Performance of query with DISTINCT and unique index

Hi Neo4j Community,

I have a question about query performance and the use of indices. I have performed the query

PROFILE MATCH (p:Provider) WHERE
EXISTS(p.service_provider) AND EXISTS(p.sourceID) AND EXISTS(p.valid_until)
RETURN DISTINCT(p.service_provider)

and I have got a uniqueness constraint on p.service_provider. I would have thought that the query planner picks up on this and makes use of the unique index and notices that the DISTINCT is actually redundant here. The query planner looks as follows:

However, when I got rid of the uniqueness constraint and just created a (NONUNIQUE) index on p.service_provider the query planner seems to do exactly the same.

Do I maybe have to rewrite the query somehow that in the situation where I have the uniqueness constraint (and hence a UNIQUE index) that the query planner picks up on this or does this just not happen in Neo4j (so far)?

I found similar questions about indexing and query performance online, but nothing that seems to address exactly this.

Thanks for letting me know.

Best,
Philipp

Hello, Philipp! Thanks for reaching out.

I think the issue here is that your query is checking whether the property exists, not whether the value is unique or not. So your query will not hit the index because it's not checking the value of the property. An existence constraint would be more appropriate here, although then your query isn't needed because the constraint will ensure the property exists and fail if it doesn't. Documentation on each constraint type is here: Constraints - Cypher Manual.

Let me know if you have more questions on this!

Cheers,
Jennifer Reif

Hi Jennifer,

Thanks a lot for getting back to me. I am still left a little confused I have to say.

Even when just executing

PROFILE MATCH (p:Provider)
RETURN DISTINCT(p.service_provider)

then the query plan looks the same, whether I have a unique constraint on p.service_provider or not. How would I have to go about things that the redundant check for DISTINCT will be omitted, i.e. the query could be sped up?

I know that in this instance I could just leave out the DISTINCT as the property has to be unique due to the constraint that is enforced. However, say I have a database and I am not aware of which constraints are enforced, etc. how would such a query have to be written so the redundant DISTINCT check won't be executed?

Thanks for letting me know, much appreciated :slightly_smiling_face:

Got a bit more detail on this.....Cypher planner doesn't eliminate Distinct in this case. It does in some other cases in Neo4j 5.x, but nothing in 4.x.

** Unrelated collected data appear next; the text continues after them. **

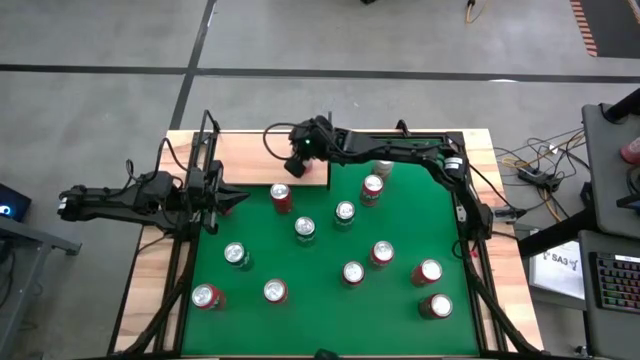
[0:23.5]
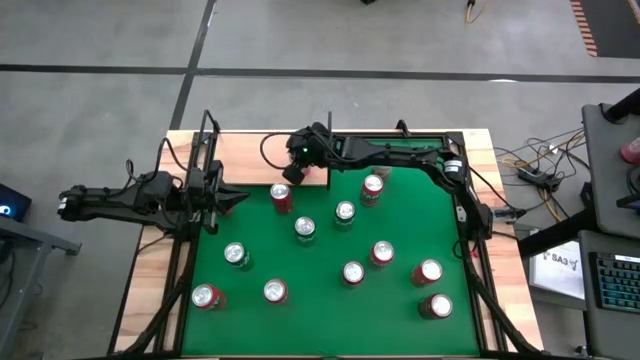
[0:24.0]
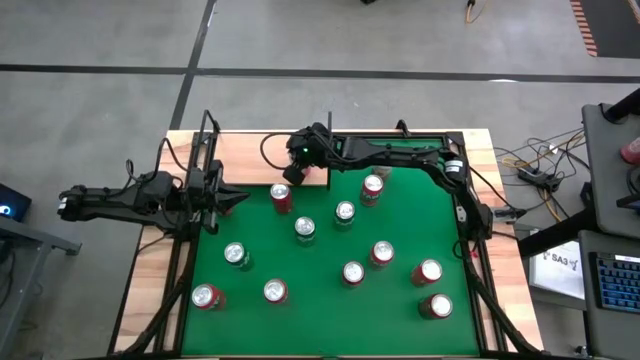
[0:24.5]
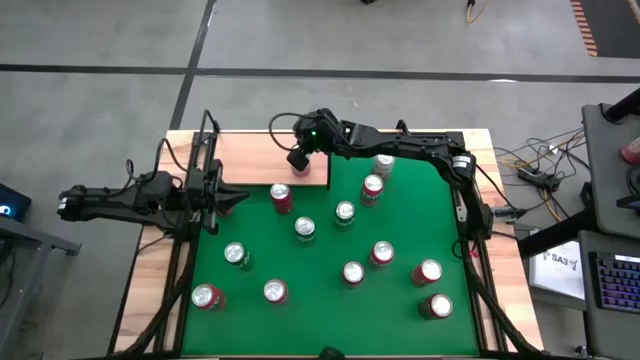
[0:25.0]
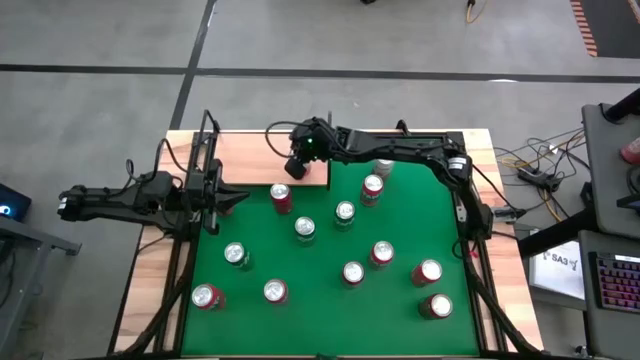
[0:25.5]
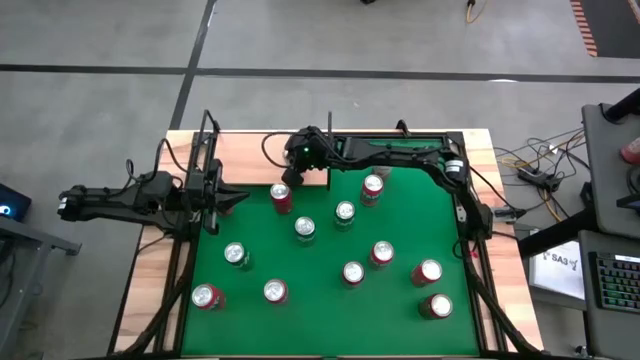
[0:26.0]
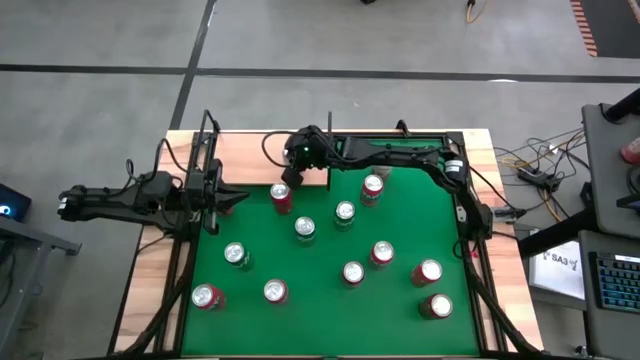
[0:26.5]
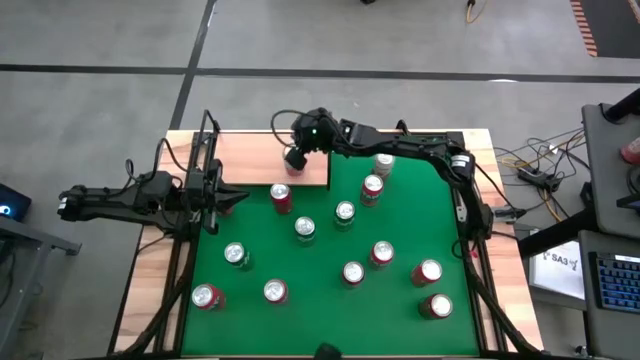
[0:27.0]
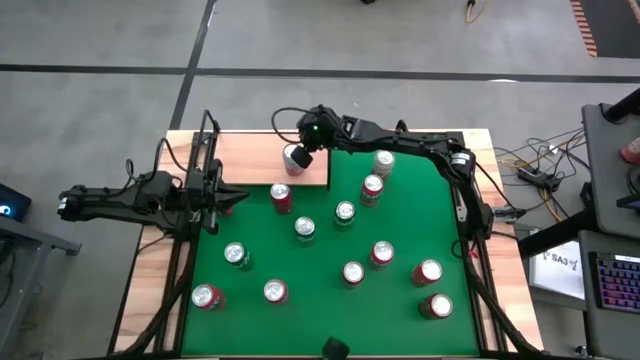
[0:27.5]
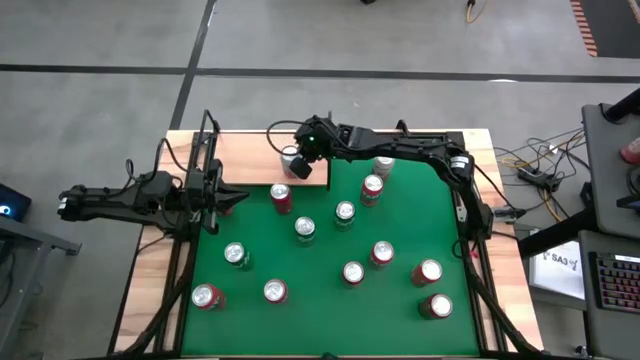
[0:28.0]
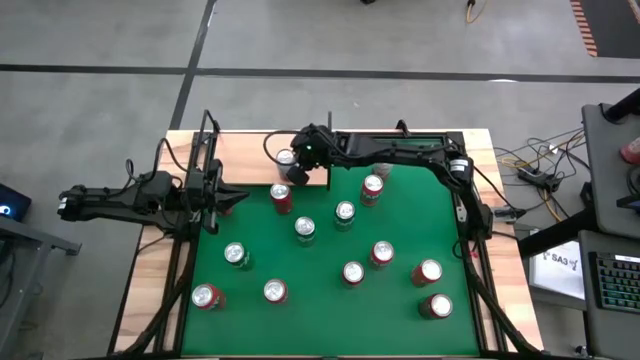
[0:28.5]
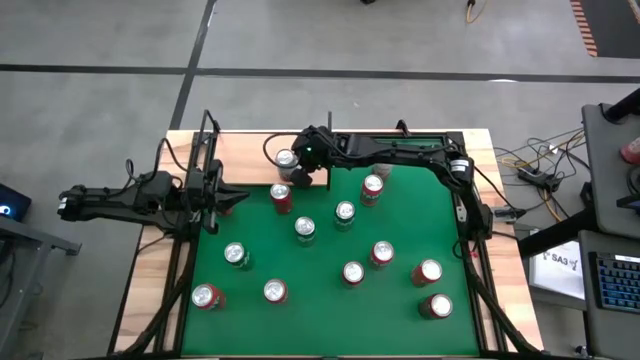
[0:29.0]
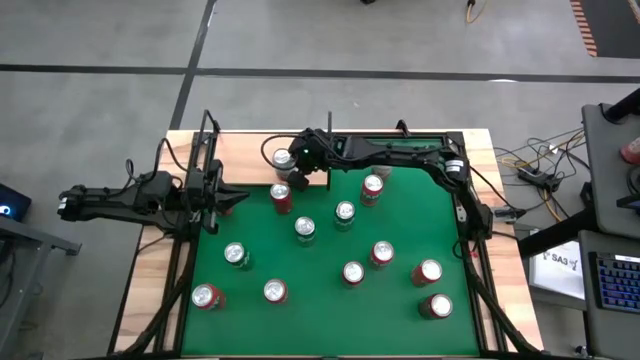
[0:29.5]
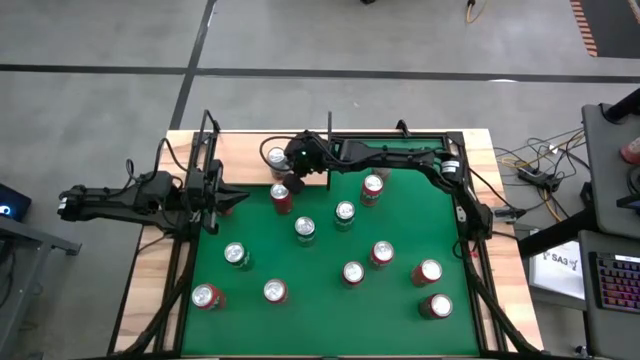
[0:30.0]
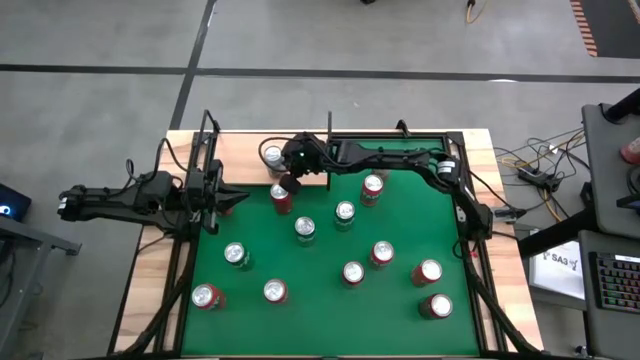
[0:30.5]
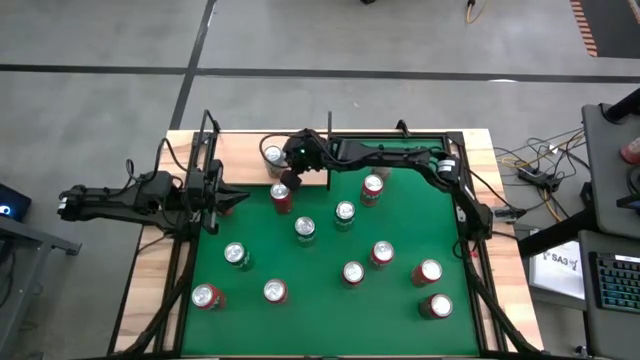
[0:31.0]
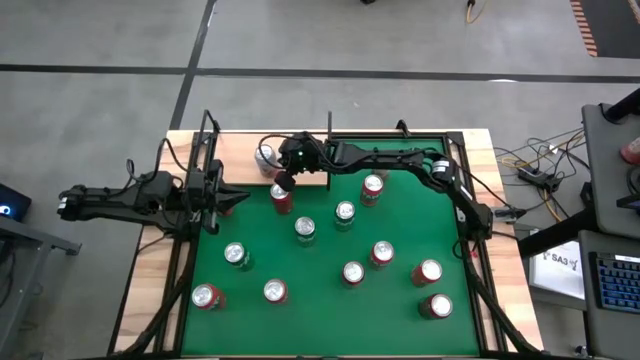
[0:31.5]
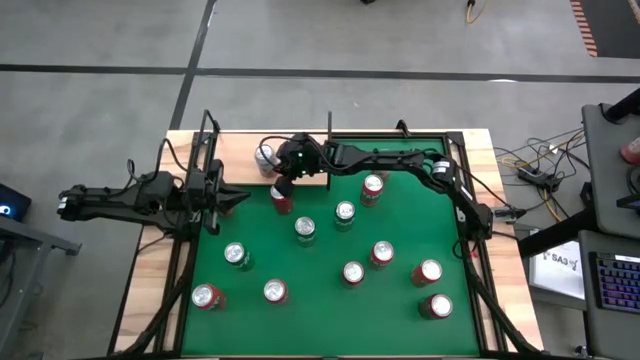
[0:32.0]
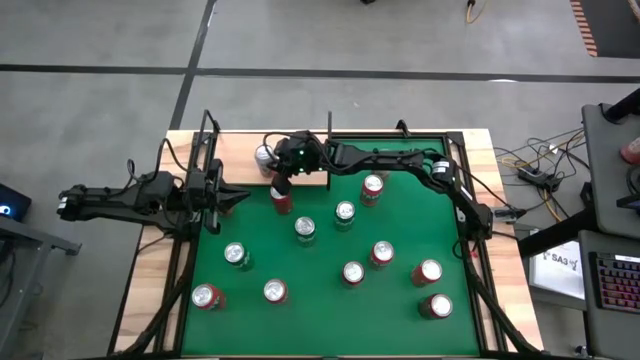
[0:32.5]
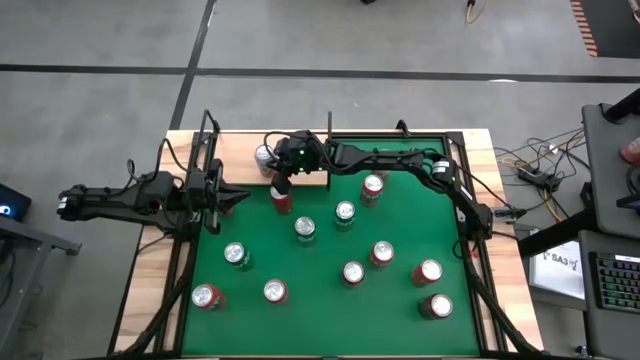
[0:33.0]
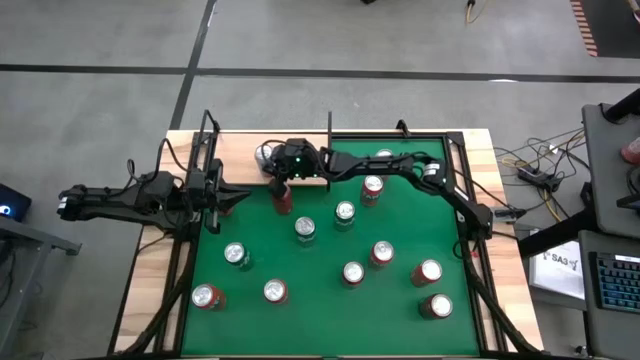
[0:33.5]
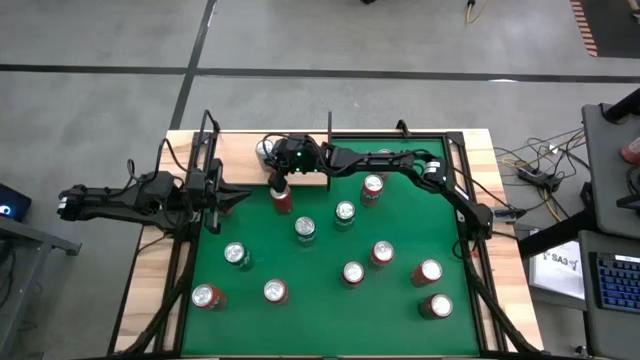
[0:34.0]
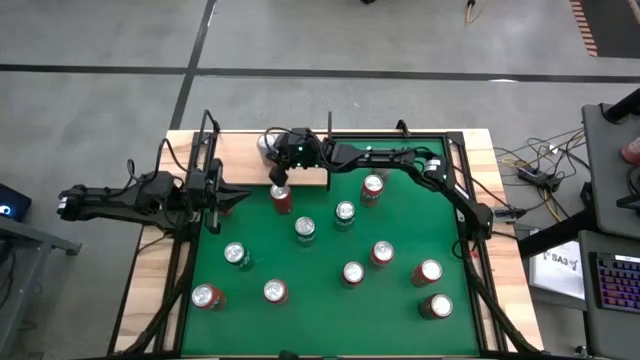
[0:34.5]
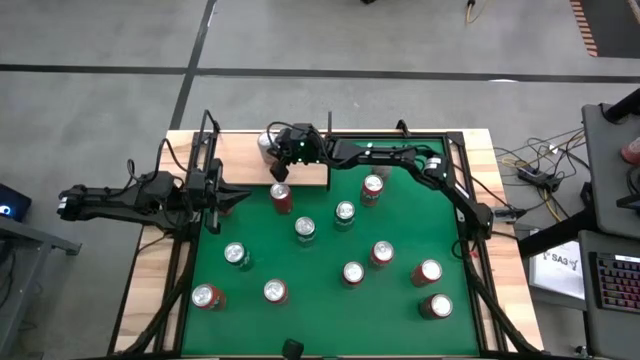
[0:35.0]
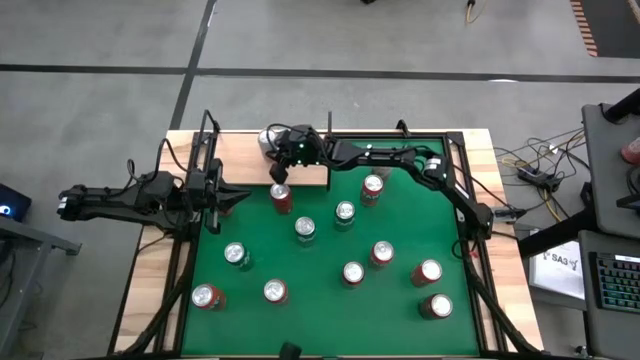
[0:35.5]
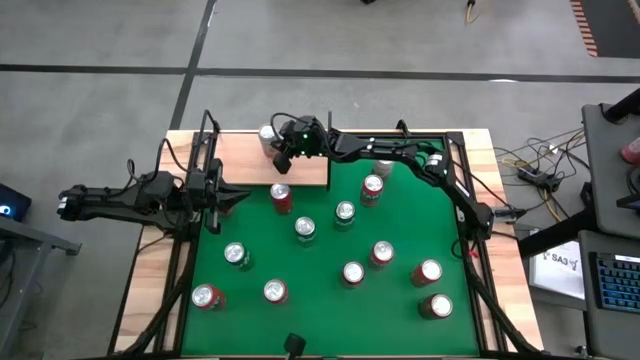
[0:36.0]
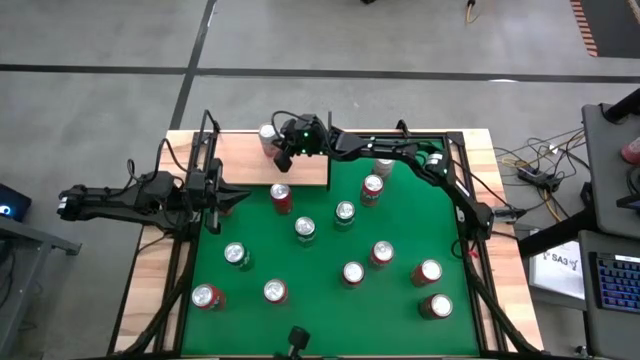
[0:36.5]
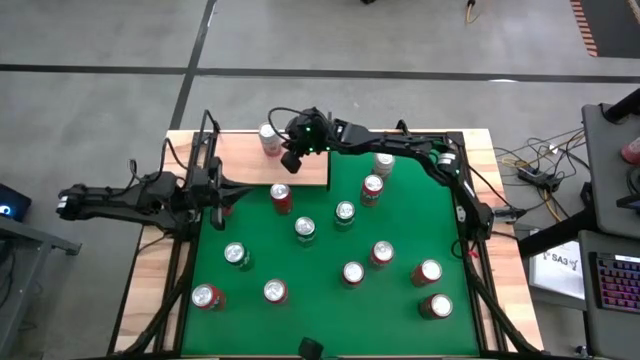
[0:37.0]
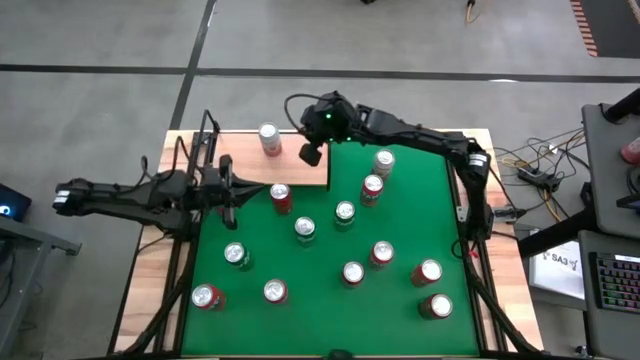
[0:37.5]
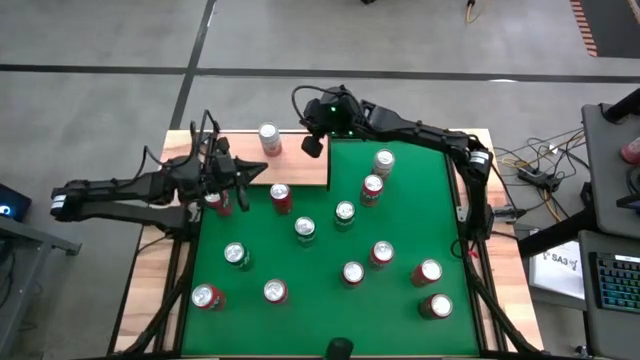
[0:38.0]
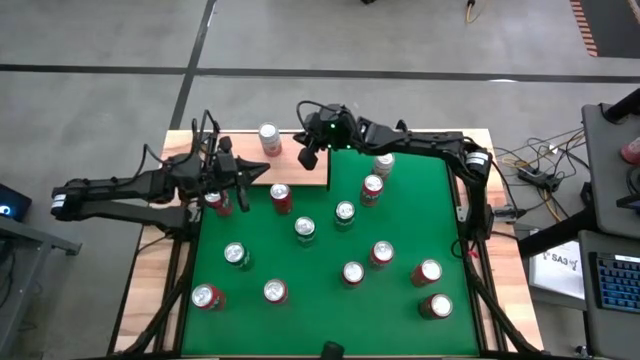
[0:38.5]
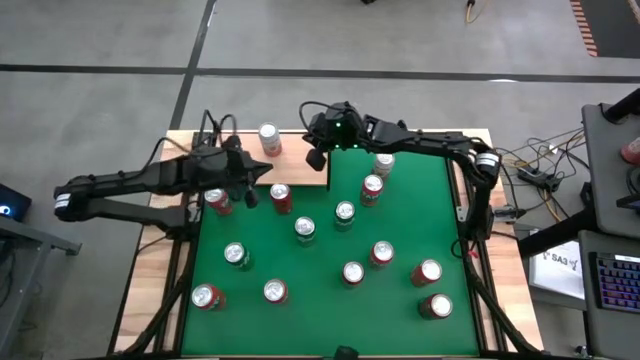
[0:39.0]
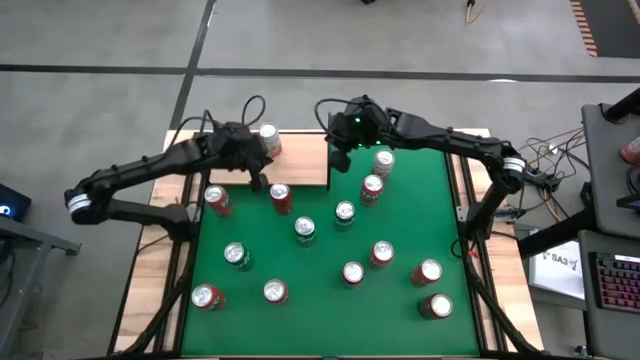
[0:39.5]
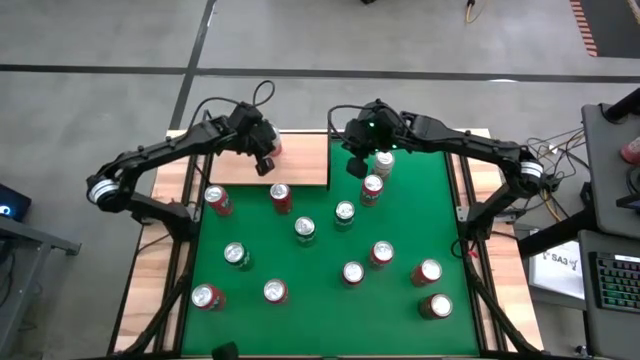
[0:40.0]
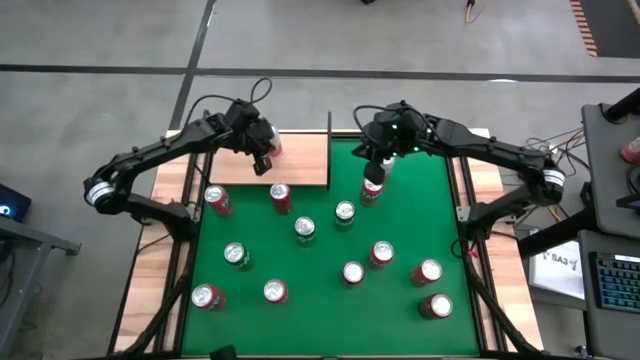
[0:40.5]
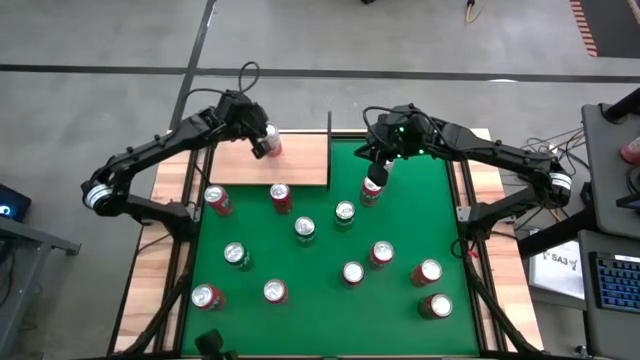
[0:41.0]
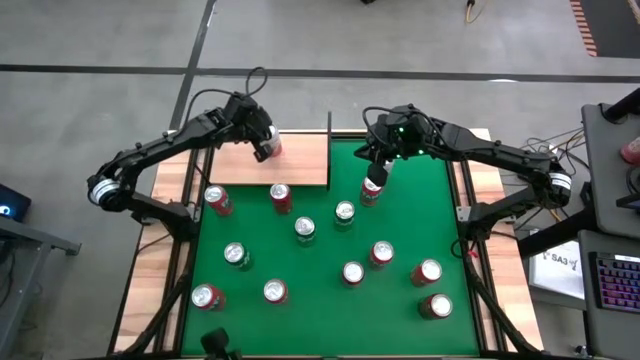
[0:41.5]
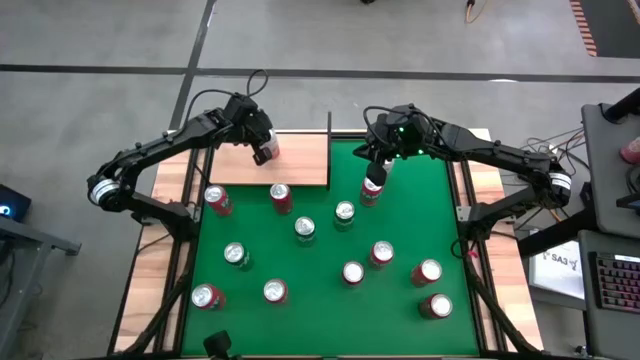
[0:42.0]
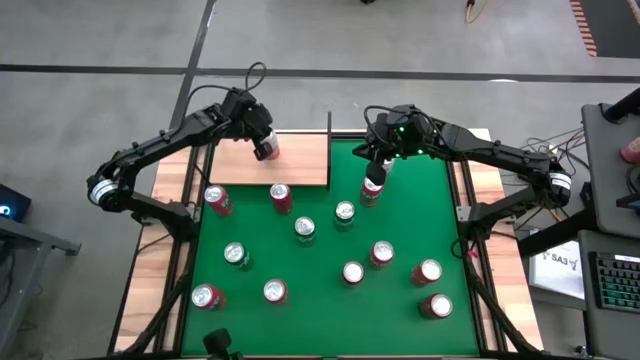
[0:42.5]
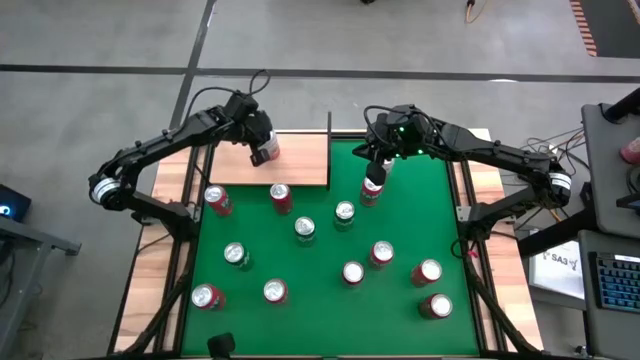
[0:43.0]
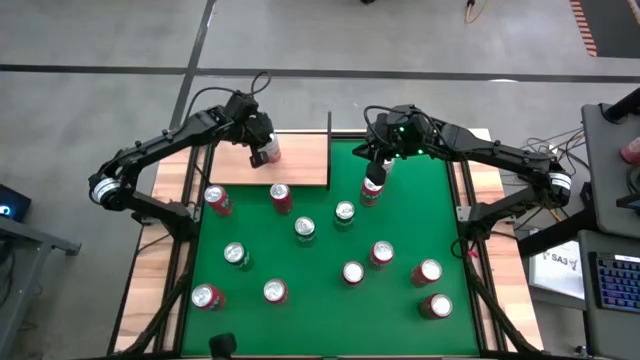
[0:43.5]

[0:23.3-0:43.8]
Task: Place canned beverage on shelf
Put the pink-white soda can on the shelf

However, your query's plan is using OrderedDistinct, which is much more efficient (improving query performance). For unique values coming from an index, OrderedDistinct will only need to keep a single row in memory, whereas plain Distinct must accumulate all rows in memory. The easiest way to get rid of OrderedDistinct is not to use DISTINCT in the query when you know that the values are unique. This method does require some knowledge of constraints and db operations, though.

Hi Jennifer,

Thanks a lot for the detailed explanation, and in particular about the difference between OrderedDistinct and (regular) Distinct in the query planner.

That helps a lot :slight_smile:

1 Like